─── Records for the exercise ───
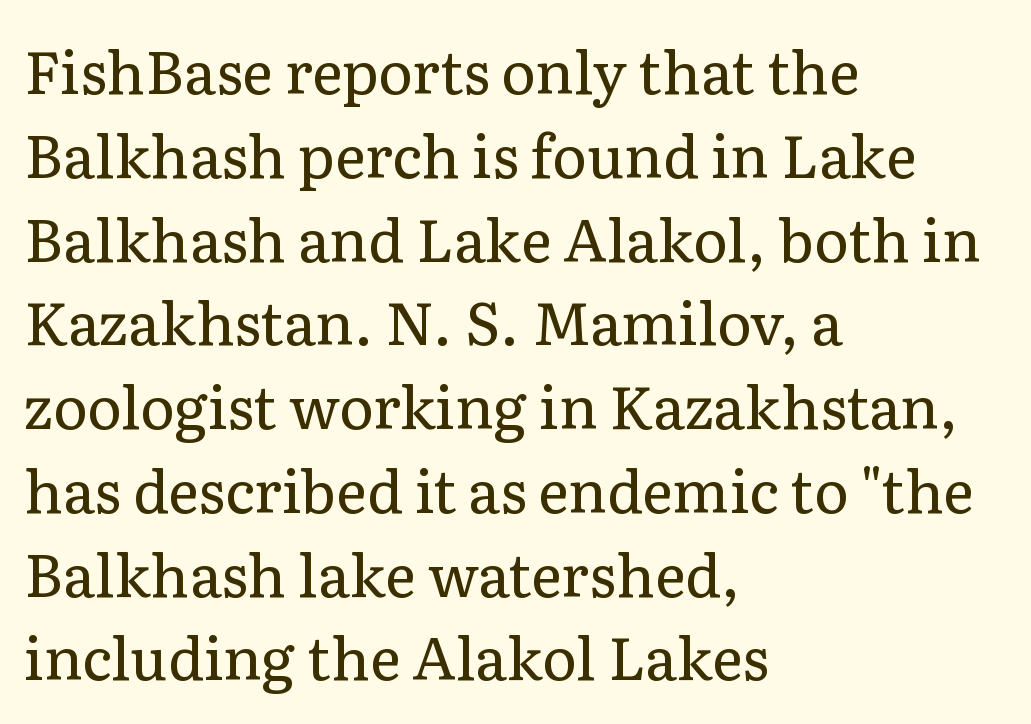
Q: Is the text bold? A: No.
Q: Is the text italic (slanted)? A: No, it is upright.
Q: Is the typeface a serif or a sans-serif typeface? A: Serif.
Q: Is the text underlined? A: No.
Q: How is the paragraph aligned? A: Left-aligned.
Q: Is the spacing between letters normal or unusually wide? A: Normal.
Q: Is the spacing between lines tight, normal or loose? A: Normal.
Q: Width (condensed, normal, or wide)? A: Normal.
Q: Stroke contrast? A: Low.
Q: x-height? A: Medium.
Q: Monospaced? A: No.
───
▶ [Requirement]: All lines from the line containing "Q: Is the typeface" through the last line of the data are to be repeated exactly; no other line belongs in the answer.

▶ [Result]:
Q: Is the typeface a serif or a sans-serif typeface? A: Serif.
Q: Is the text underlined? A: No.
Q: How is the paragraph aligned? A: Left-aligned.
Q: Is the spacing between letters normal or unusually wide? A: Normal.
Q: Is the spacing between lines tight, normal or loose? A: Normal.
Q: Width (condensed, normal, or wide)? A: Normal.
Q: Stroke contrast? A: Low.
Q: x-height? A: Medium.
Q: Monospaced? A: No.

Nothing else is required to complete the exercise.